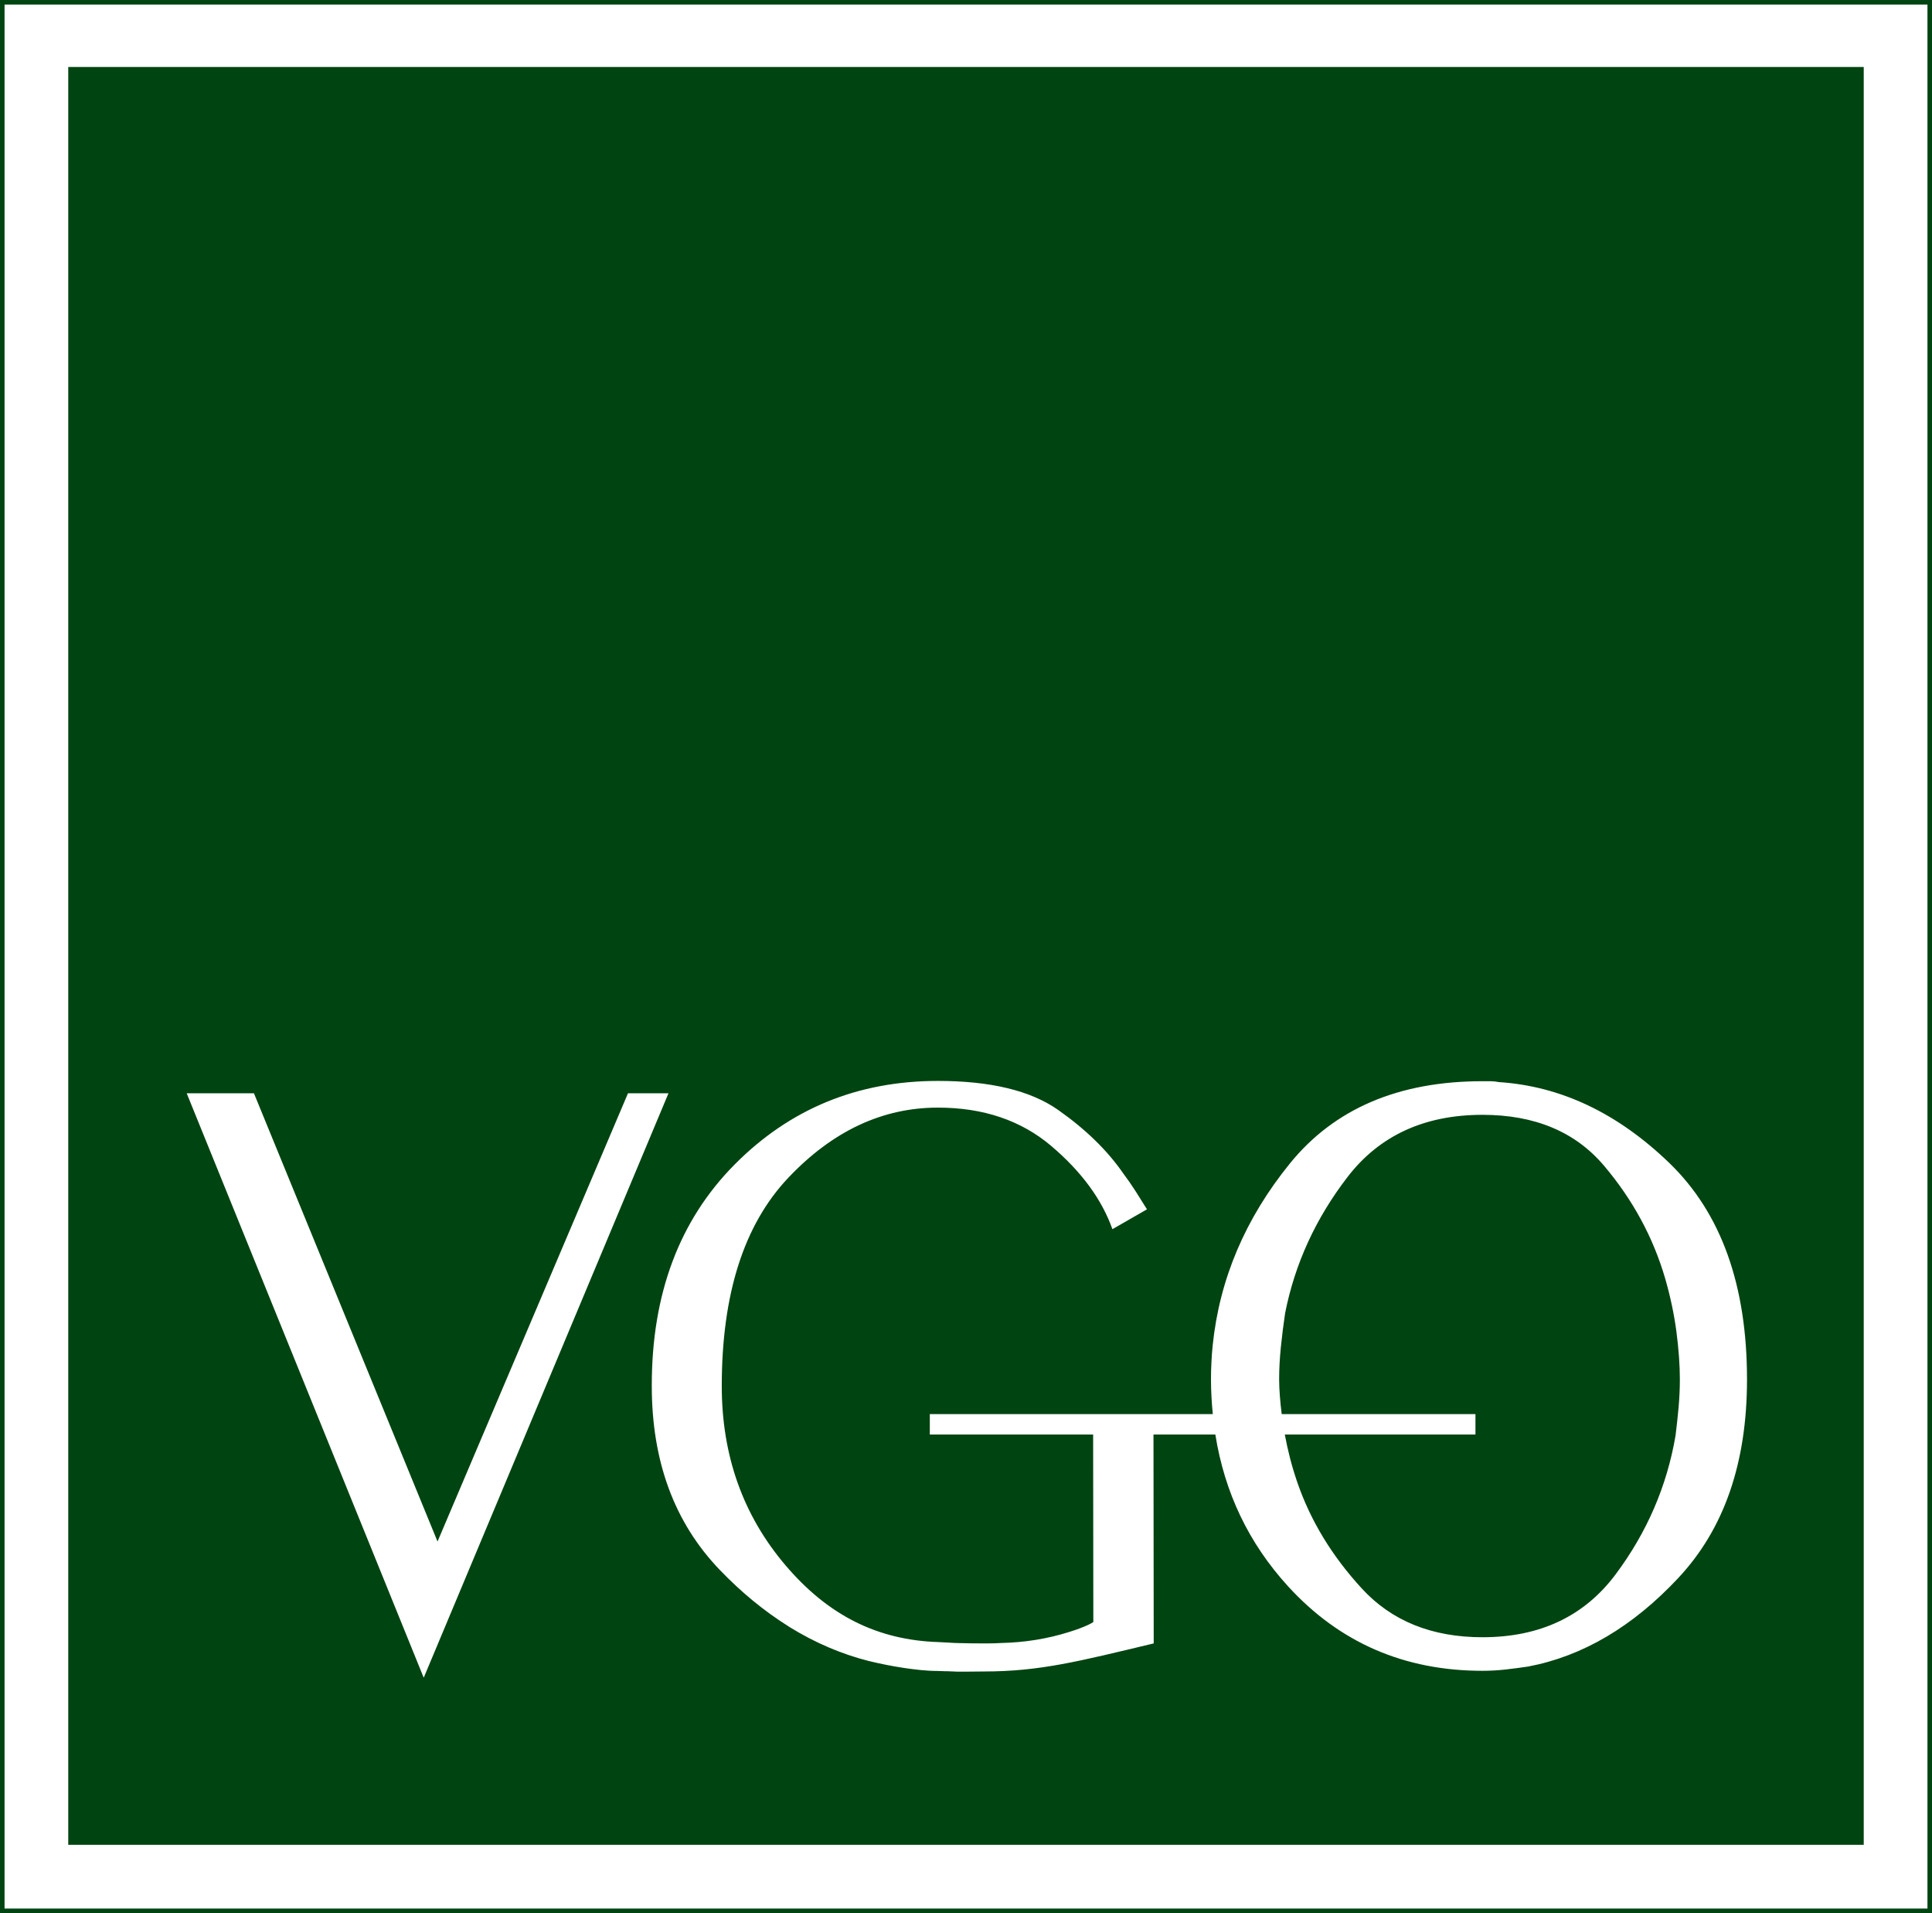 <?xml version="1.0" encoding="UTF-8"?>
<svg xmlns="http://www.w3.org/2000/svg" xmlns:xlink="http://www.w3.org/1999/xlink" id="a" viewBox="0 0 1449.33 1434.91">
  <defs>
    <style>.d,.e{fill:none;}.d,.f{stroke-width:0px;}.g{clip-path:url(#b);}.h{clip-path:url(#c);}.e{stroke:#041;stroke-width:3.41px;}.f{fill:#041;}</style>
    <clipPath id="b">
      <rect class="d" y="0" width="1449.33" height="1434.9"></rect>
    </clipPath>
    <clipPath id="c">
      <rect class="d" y="0" width="1449.33" height="1434.9"></rect>
    </clipPath>
  </defs>
  <g class="g">
    <rect class="e" x="1.71" y="1.71" width="1445.92" height="1431.5"></rect>
  </g>
  <g class="h">
    <path class="f" d="m1203.27,874.32c-21.52-25.42-51.9-38.15-91.15-38.15-43.53,0-77.27,15.52-101.19,46.56-23.9,31.03-39.53,65.08-46.87,102.16-1.28,8.61-2.35,17.12-3.21,25.54-.83,8.29-1.27,16.27-1.28,23.94.02,8.13.78,17.01,1.92,26.27h145.35v15.31h-143.02c2.18,11.73,5.16,23.59,9.31,35.66,9.91,28.88,26.07,55.49,48.49,79.86,22.4,24.37,52.57,36.53,90.52,36.53,43.09,0,76.39-15.74,99.89-47.21,23.47-31.45,38.46-66.16,44.92-104.09.87-6.9,1.6-13.89,2.27-21.01.63-7.11.96-14.12.96-21.02,0-10.76-.87-22.72-2.58-35.88-1.75-13.14-4.55-26.42-8.41-39.76-9.05-31.03-24.35-59.25-45.91-84.7M51.2,1383.7h1346.92V50.25H51.2v1333.45Zm88.87-563.68h50.43l137.72,336.19,142.87-336.19h30.38l-183.61,438.35-177.8-438.35Zm1119.11,363.36c-34.25,36.65-71.86,58.84-112.79,66.6-5.63.83-11.34,1.6-17.16,2.25-5.8.63-11.51.95-17.12.95-58.6,0-107.21-21.09-145.8-63.33-29.57-32.38-47.69-70.39-54.59-113.9h-46.41c.03,38,.17,155.28.17,156.68-56.23,13.46-85.44,21.05-127.38,21.05-9.59,0-18.08.42-27.11-.17-2.22.07-5.3-.22-7.57-.22-8.43,0-16.78-1.02-25.43-2.28-8.62-1.3-17.39-3.03-26.24-5.18-20.7-5.25-40.52-13.77-59.44-25.47-.53-.33-.97-.63-1.42-.93-17.82-11.21-34.87-25.18-51.11-42.12-33.9-35.35-50.83-81.26-50.83-137.72v-.65c0-68.53,20.71-123.7,62.13-165.49,41.43-41.79,92.27-62.71,152.5-62.71,39.43,0,69.44,7.23,90.06,21.65,20.57,14.44,36.9,30.28,48.84,47.51,3.55,4.76,6.75,9.38,9.64,13.92,2.87,4.51,5.63,8.93,8.3,13.23l-25.92,14.89c-7.96-22.42-23.25-43.21-45.86-62.4-22.59-19.17-50.95-28.78-85.06-28.78-41.63,0-79.07,17.59-112.31,52.71-33.21,35.13-49.82,87.18-49.82,156.13,0,52.17,15.94,97,47.83,134.47,31.91,37.51,68.92,56.1,114.79,57.57,3.13.1,11.47.63,11.47.63,0,0,24.65.83,35.47.05,17.72-.38,34.71-3.13,50.94-8.23,12.88-3.95,18.96-7.65,18.24-7.65l-.15-140.49h-122.52v-15.31h212.28c-.82-8.48-1.35-17.09-1.35-25.97v-.63c0-3.86.1-7.98.33-12.29.2-4.32.52-8.63.97-12.93,5.15-49.57,24.45-94.93,57.85-136.11,33.4-41.16,81.57-61.75,144.5-61.75h6.16c1.92,0,3.97.23,6.13.66,46.54,3.03,89.18,23.29,127.99,60.77,38.79,37.51,58.18,91.58,58.18,162.28,0,62.5-17.11,112.07-51.4,148.72"></path>
  </g>
</svg>

■ **What you should do**
Find the word "clipPath" in the records and pull out each line that has it.

■ **Problem solution**
    <clipPath id="b">
    </clipPath>
    <clipPath id="c">
    </clipPath>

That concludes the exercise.